Random Variables and Distributions

Review

We'll review and finish what we talked about last time:

Random Variables

The term "Random Variable" is a little strange. In most math, the word "variable" means something that has a particular value, but is either not currently known or is abstract. So,

y=3x+4
is the equation of a line. What is X? It's a variable, which means it can take on more than one value, but only one at a time. Given a particular value of X, you can calculate one for Y.

A Random Variable usually stands for a distribution, which we'll talk about next. We won't use the term too much, but you should have a basic understanding so that the term doesn't seem too strange.

Here's an example:

Z = X + Y
If X and Y are both random variables, this equation says that the random variable Z is the sum of X and Y. What that means is that the probability of Z having a value like 5, say, depends on the probability that X=2 and Y=3 or X=1 and Y=4 and so forth. For example, if X is the distribution of a normal six-sided die and so is Y, then Z has the distribution of values you get from tossing two dice and adding the values. (7 is most likely, 2 and 12 are least likely, and so on.)

Probability Distributions

A probability distribution is a complete set of outcomes and their corresponding probabilities. Dice and coins are typical examples. The following is the probability distribution of the number of heads in three tosses of a fair coin. (In other words, the binomial distribution with p=0.5 and n=3.)

outcomeprobability
01/8
13/8
23/8
31/8

Very often, as in the preceding example, the outcomes are all numbers and so the probability distribution can be defined by a mathematical function. For example, the preceding table can be replaced by:

f(x) = combin(3,x)/8

Any mathematical function that defines a real number between 0 and 1 for each outcome and the values sum to 1 can define a probability distribution.

Kinds of Distributions

Distributions are often divided into two broad categories:

The Binomial

(See section 6.1).

The binomial we've seen before, but now we have a bit more mathematical tools at our disposal.

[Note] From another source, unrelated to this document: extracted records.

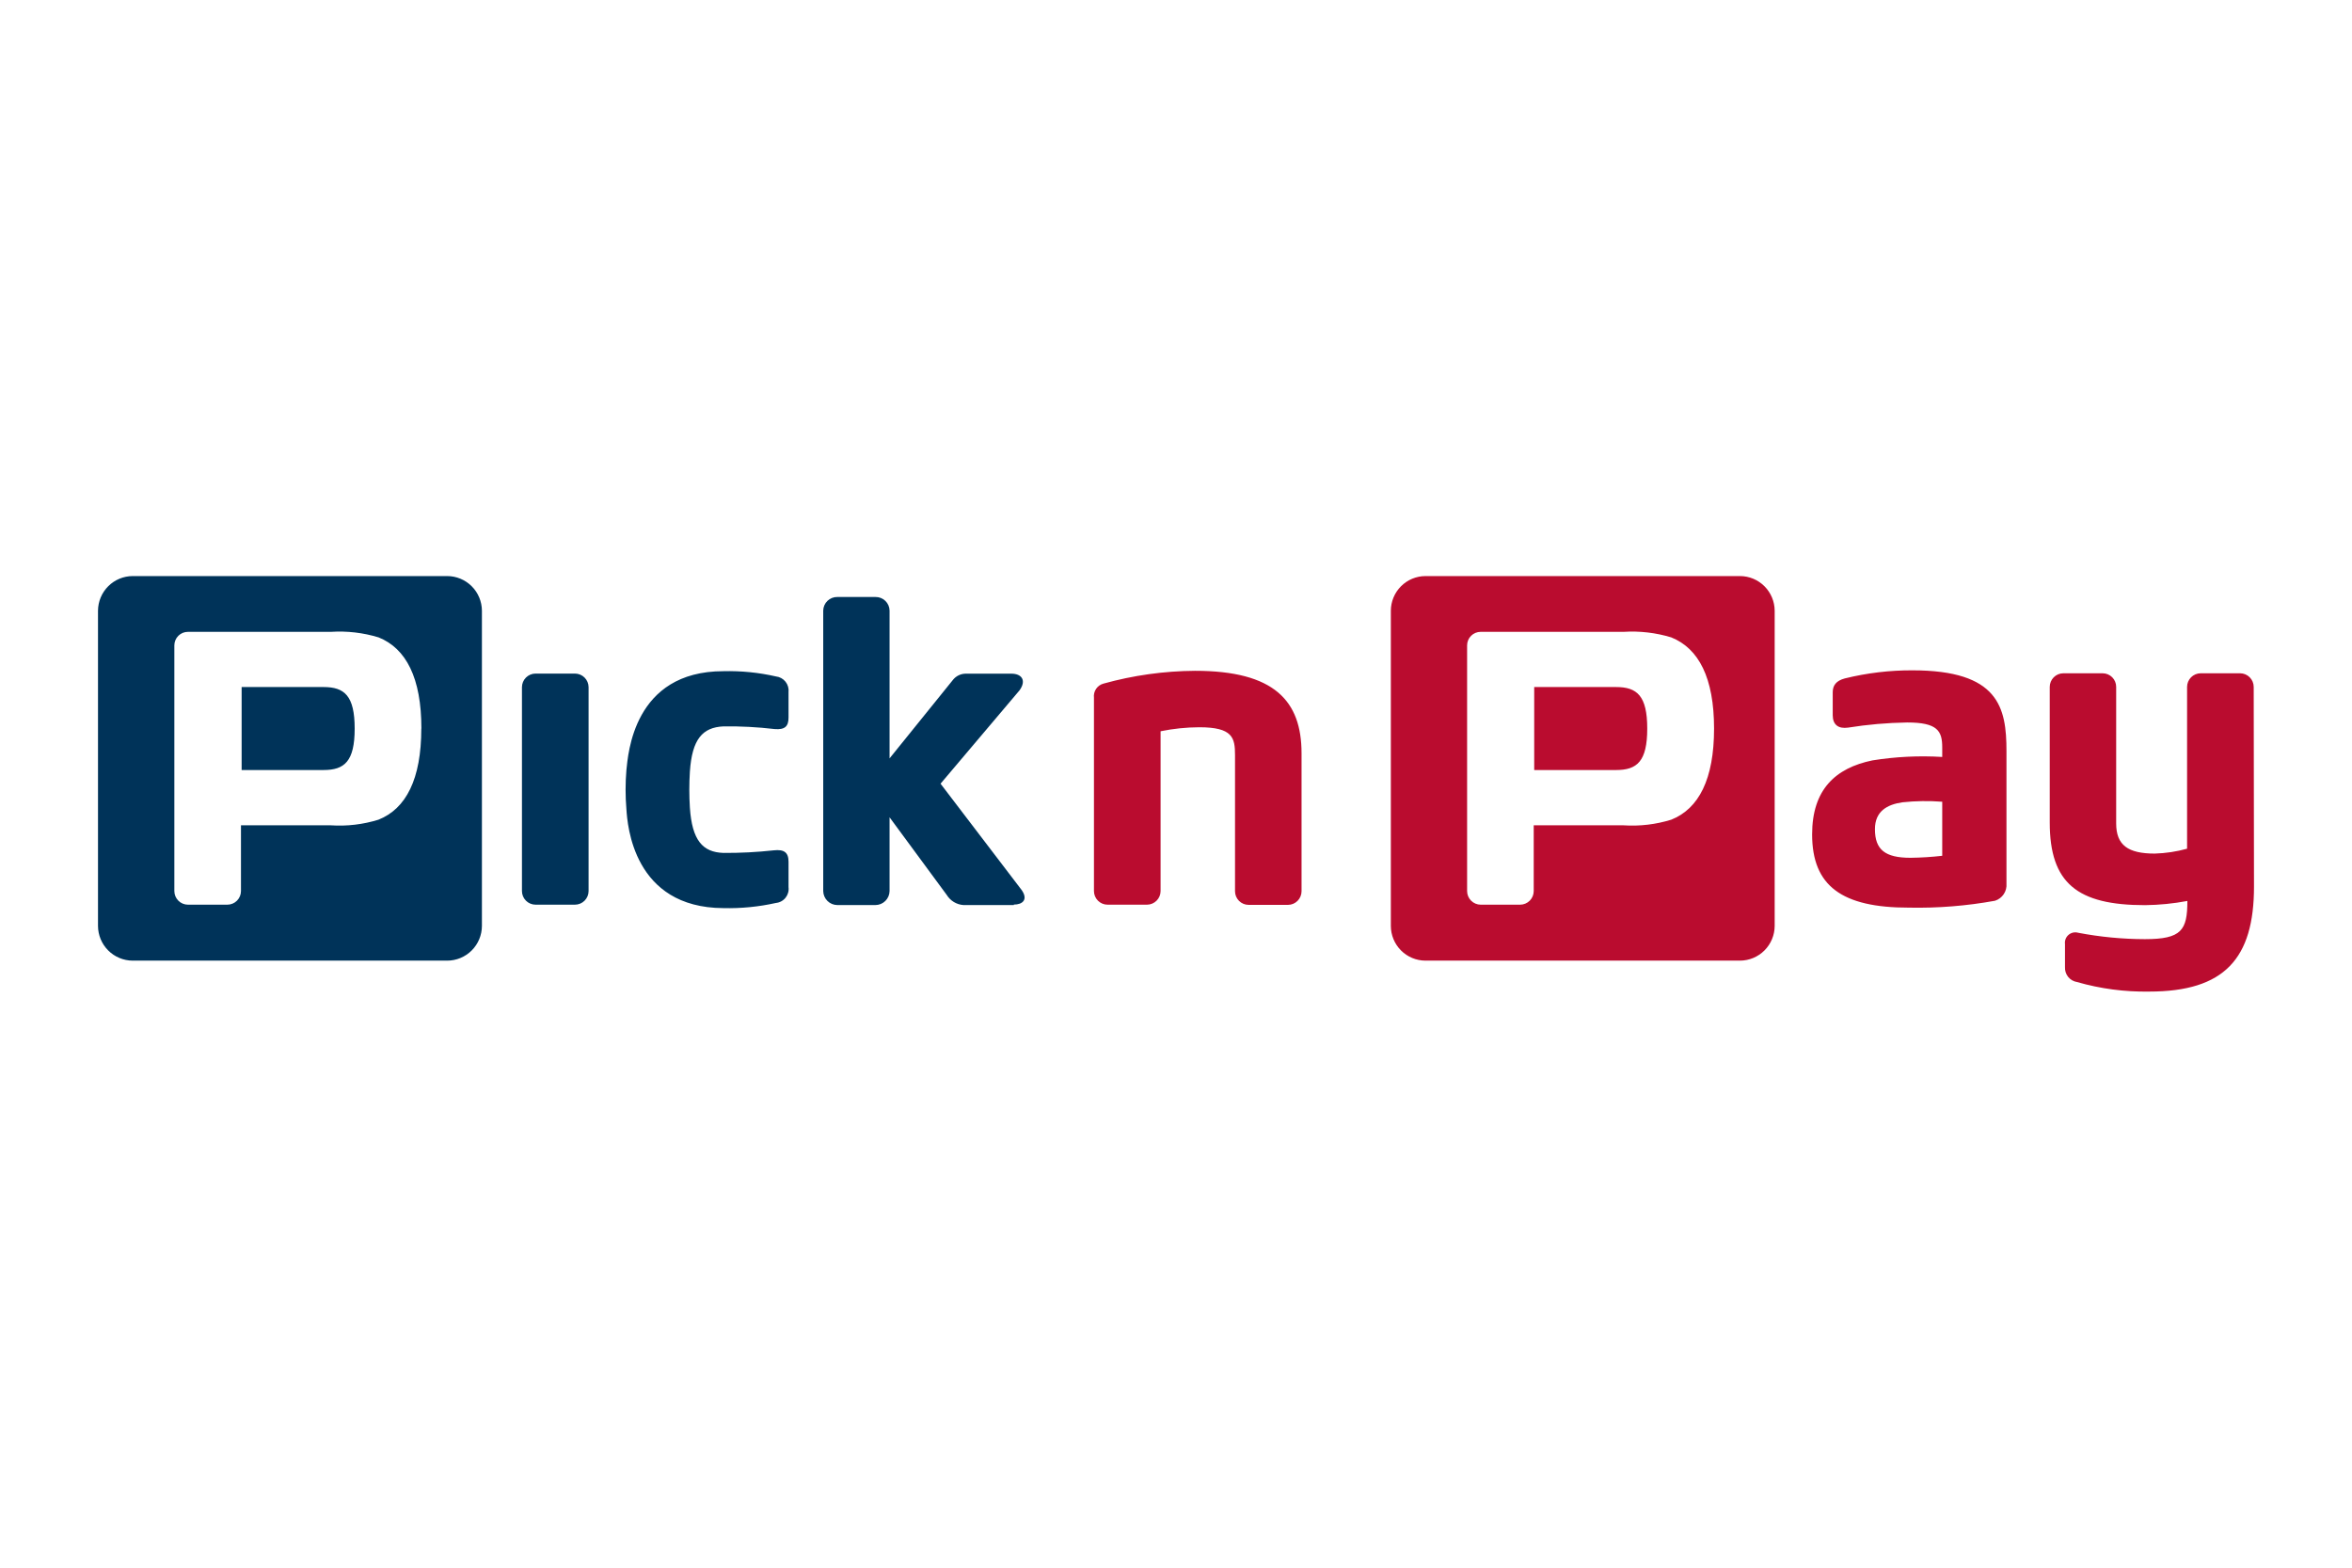 <?xml version="1.0" encoding="UTF-8"?>
<svg xmlns="http://www.w3.org/2000/svg" id="a" data-name="Layer 1" viewBox="0 0 600 400">
  <defs>
    <style>
      .b {
        fill: #fff;
      }

      .c {
        fill: #ba0c2f;
      }

      .d {
        fill: #003359;
      }
    </style>
  </defs>
  <rect class="b" width="600" height="400"></rect>
  <g>
    <path class="d" d="M90.478,185.9c0,8.382-2.602,10.575-7.951,10.575h-20.886v-21.174h20.886c5.349,0,7.951,2.217,7.951,10.599ZM107.498,185.9c0-12.914-3.89-20.443-10.917-23.269-3.935-1.198-8.053-1.677-12.157-1.413h-36.471c-.455-.003-.907.084-1.329.256-.422.172-.805.427-1.128.748-.323.322-.58.704-.755,1.125-.175.421-.265.873-.265,1.33v62.67c0,.924.366,1.81,1.018,2.464.652.654,1.536,1.021,2.459,1.021h10.066c.918-.006,1.796-.376,2.443-1.029.647-.653,1.01-1.535,1.01-2.455v-16.764h22.928c4.106.269,8.226-.218,12.157-1.438,7.027-2.802,10.917-10.355,10.917-23.245h.024ZM122.938,155.832v80.408c-.006,2.351-.941,4.603-2.599,6.265-1.658,1.662-3.906,2.598-6.251,2.605H33.85c-2.345-.006-4.593-.943-6.251-2.605-1.658-1.662-2.593-3.914-2.599-6.265v-80.408c.013-2.346.95-4.592,2.608-6.249,1.658-1.657,3.901-2.59,6.243-2.596h80.237c2.341.006,4.585.94,6.243,2.596,1.658,1.657,2.595,3.903,2.608,6.249ZM150.145,175.325c-.006-.92-.376-1.8-1.027-2.448-.651-.648-1.532-1.012-2.45-1.012h-10.066c-.914.006-1.788.373-2.434,1.02-.646.647-1.012,1.524-1.018,2.44v52.021c0,.92.363,1.802,1.01,2.455.647.653,1.525,1.023,2.443,1.029h10.066c.922,0,1.807-.367,2.459-1.021.652-.653,1.018-1.539,1.018-2.464v-52.021ZM184.55,185.339c4.362-.057,8.724.171,13.057.682,2.65.219,3.55-.707,3.55-2.948v-6.457c.054-.475.014-.957-.119-1.417-.132-.46-.354-.889-.652-1.262-.298-.374-.667-.684-1.086-.915-.419-.23-.878-.375-1.353-.427-4.393-1.001-8.893-1.451-13.397-1.34-23.025,0-24.314,21.272-24.752,25.219-.279,3.332-.279,6.682,0,10.014.267,3.972,1.726,25.122,24.752,25.219,4.503.107,9.001-.335,13.397-1.316.478-.048.942-.192,1.364-.423.422-.231.793-.544,1.093-.921.299-.377.52-.81.649-1.274.13-.464.165-.949.104-1.427v-6.457c0-2.437-1.167-3.216-3.793-2.924-4.255.466-8.534.685-12.814.658-5.325-.171-7.999-3.241-8.559-11.525-.194-3.075-.194-6.159,0-9.235.559-8.284,3.234-11.281,8.559-11.525h0ZM258.635,230.929h-12.862c-.863-.061-1.699-.327-2.439-.776-.74-.449-1.362-1.069-1.816-1.807l-14.588-19.81v18.811c-.013.95-.397,1.858-1.07,2.527-.673.67-1.581,1.048-2.529,1.055h-9.726c-.948-.006-1.856-.385-2.529-1.055-.673-.67-1.057-1.577-1.07-2.527v-71.563c.009-.464.11-.922.296-1.347.186-.425.454-.809.788-1.13.334-.321.728-.574,1.16-.742.431-.169.892-.25,1.355-.241h9.726c.463-.01.923.072,1.355.241.431.169.826.421,1.16.742.334.321.602.705.788,1.13.186.425.287.883.296,1.347v37.719l16.072-19.907c.41-.556.951-1.003,1.574-1.3.623-.297,1.31-.437,2-.405h11.452c2.577,0,3.891,1.681,2.067,4.24l-20.157,23.83,20.716,27.168c1.678,2.437.195,3.679-2.018,3.679"></path>
    <path class="c" d="M332.028,192.162v35.233c0,.92-.365,1.802-1.01,2.455-.648.653-1.526,1.023-2.444,1.029h-10.041c-.922,0-1.807-.367-2.459-1.02-.652-.654-1.018-1.54-1.018-2.464v-34.746c0-4.41-.584-7.09-9.118-7.09-3.316.016-6.622.358-9.872,1.023v40.764c0,.92-.363,1.802-1.01,2.455-.647.653-1.525,1.023-2.443,1.029h-10.066c-.922,0-1.807-.367-2.459-1.021-.652-.653-1.018-1.539-1.018-2.464v-49.317c-.097-.794.095-1.597.542-2.259.447-.663,1.118-1.141,1.889-1.347,7.603-2.115,15.451-3.213,23.342-3.265,20.255,0,27.185,7.675,27.185,21.052v-.049ZM575,226.201c0,18.372-7.537,26.803-26.745,26.803-6.223.104-12.426-.717-18.407-2.437-.889-.143-1.693-.61-2.259-1.312-.565-.702-.851-1.588-.804-2.489v-5.872c-.059-.436-.006-.881.15-1.292.156-.411.412-.777.745-1.065.333-.287.733-.488,1.16-.583.43-.095.878-.081,1.299.04,5.61,1.072,11.309,1.619,17.02,1.632,9.386,0,10.844-2.29,10.844-9.746-3.561.67-7.171,1.029-10.794,1.072-17.264,0-24.315-5.58-24.315-21.101v-34.576c0-.92.362-1.802,1.01-2.455.645-.653,1.523-1.023,2.442-1.029h10.043c.454-0.0.907.09,1.325.266.421.175.804.432,1.125.756.321.324.574.708.745,1.131.174.423.259.875.256,1.332v34.819c0,5.555,3.016,7.7,9.849,7.7,2.786-.083,5.555-.5,8.24-1.243v-41.276c0-.92.365-1.802,1.01-2.455.648-.653,1.526-1.023,2.444-1.029h10.064c.925,0,1.808.367,2.459,1.02.654.653,1.019,1.54,1.019,2.464l.074,50.925ZM426.341,209.145c-3.929,1.218-8.049,1.705-12.155,1.438h-22.931v16.764c0,.92-.362,1.802-1.007,2.455-.648.653-1.526,1.023-2.444,1.029h-10.09c-.919-.006-1.797-.376-2.442-1.029-.648-.653-1.01-1.535-1.01-2.455v-62.669c0-.918.362-1.798,1.01-2.447.648-.649,1.526-1.013,2.442-1.013h36.473c4.103-.262,8.22.217,12.155,1.413,7.027,2.826,10.918,10.356,10.918,23.27,0,12.914-3.891,20.443-10.918,23.245h0ZM443.873,146.987h-80.238c-2.338.006-4.58.94-6.235,2.598-1.652,1.657-2.586,3.903-2.592,6.247v80.408c0,2.348.931,4.6,2.583,6.263,1.655,1.663,3.899,2.6,6.244,2.606h80.238c2.344-.006,4.591-.943,6.25-2.605,1.658-1.662,2.595-3.914,2.601-6.265v-80.408c-.012-2.346-.951-4.592-2.609-6.249-1.655-1.657-3.899-2.59-6.241-2.596ZM412.263,175.301h-20.884v21.174h20.884c5.351,0,7.952-2.193,7.952-10.575,0-8.382-2.601-10.599-7.952-10.599ZM495.466,218.355c-2.686.309-5.39.48-8.096.512-6.491,0-9.068-2.071-9.068-7.31,0-4.581,3.137-6.286,7.004-6.847,3.375-.359,6.777-.408,10.161-.146v13.791ZM487.953,171.037c-5.849-.028-11.68.668-17.359,2.071-2.188.585-3.063,1.779-3.063,3.533v5.848c0,2.437,1.458,3.509,3.888,3.168,4.998-.797,10.043-1.237,15.1-1.316,7.758,0,8.947,2.169,8.947,6.36v2.437c-5.946-.36-11.913-.066-17.798.877-9.483,1.949-15.391,7.48-15.391,18.884,0,13.133,7.563,18.713,24.754,18.689,7.333.145,14.664-.443,21.882-1.754.916-.285,1.705-.876,2.241-1.674.536-.798.783-1.755.701-2.712v-33.82c0-11.111-1.97-20.589-24-20.589"></path>
  </g>
</svg>

The binomial is appropriate for modeling random situations where:

  1. There are a fixed number of trials or attempts, where each either succeeds or fails
  2. The probability of success on each trial is the same for each trial.
  3. The trials are all independent.

The probability of k successes in n trials with a probability of p of success each time is:

f(k) = combin(n,k)*power(p,k)*power(1-p,n-k)
It may not be obvious that those all sum to one, but they do. The proof, however, while not hard, isn't central to this course.

Let's take some time to understand this. Here is an example:

If the probability that a student forgets to put her name on an exam is 5 percent and there are 30 students in the class, what is the probability that the professor gets 0, 1, 2 or more anonymous exams?

For convenience, this probability is defined in Excel as the binomdist(s,trials,prob,cumulative) function. This function gives the probability of exactly s events from a Binomial process with "trials" each with "prob" chance of success. Use "false" for the value of "cumulative," unless you want the probability of all events less than or equal to s. In other words, the following formula is equivalent to the preceding one:

=binomdist(k,n,p,false)

Let's also take some time to make a chart of the binomial distribution using Excel. These charts will look just like the ones we did before using samples, so this will tend to blur the distinction between a population (what we're sampling from) and a sample (the actual values we get out in an experiment), so let's revisit that distinction.

The Poisson Distribution

See section 6.4

We also saw the Poisson before, but we can now examine it more closely.

Freund introduces the Poisson as a convenient way of approximating the binomial under certain conditions. Mathematically, that's true, but there are other ways to derive the Poisson distribution, so it is a distribution in its own right. Still, you can use it as an approximation of the binomial when:

  1. N is large (say, greater than 100)
  2. P is small
  3. NP is small (say, less than 10)
  4. We use NP as the rate or mean of the Poisson process

By definition, the Poisson probability function is defined for all non-negative integers x as:

pmf(x) = exp(-λ)*power(λ,x)/fact(x)
where λ is the rate of the Poisson process.

For convenience, this is defined in Excel as the Poisson(x,mean,cumulative) function. This function gives the probability of exactly x events from a Poisson process with the given mean. Use "false" for the value of "cumulative," unless you want the probability of all events less than or equal to x. In other words, the following formula is equivalent to the preceding one:

=poisson(x,lambda,false)

Just for fun, let's use Excel to calculate the probabilities of all integers from 0 to 100 for the Poisson (mean=10) and binomial (N=100, P=0.1, so NP=10). Let's find the maximum difference.

Let's also plot both for, say, mean=2.3 (N=10, P=0.23). Notice that this doesn't follow our rule of thumb, so we should see some differences.

As we discussed before, the Poisson is used when you know the average rate of something, but the actual occurrences are integer. For example:

Suppose that records show that the rape crisis line gets 2.3 calls per night. What is the probability of no calls in a night? More than 5 calls?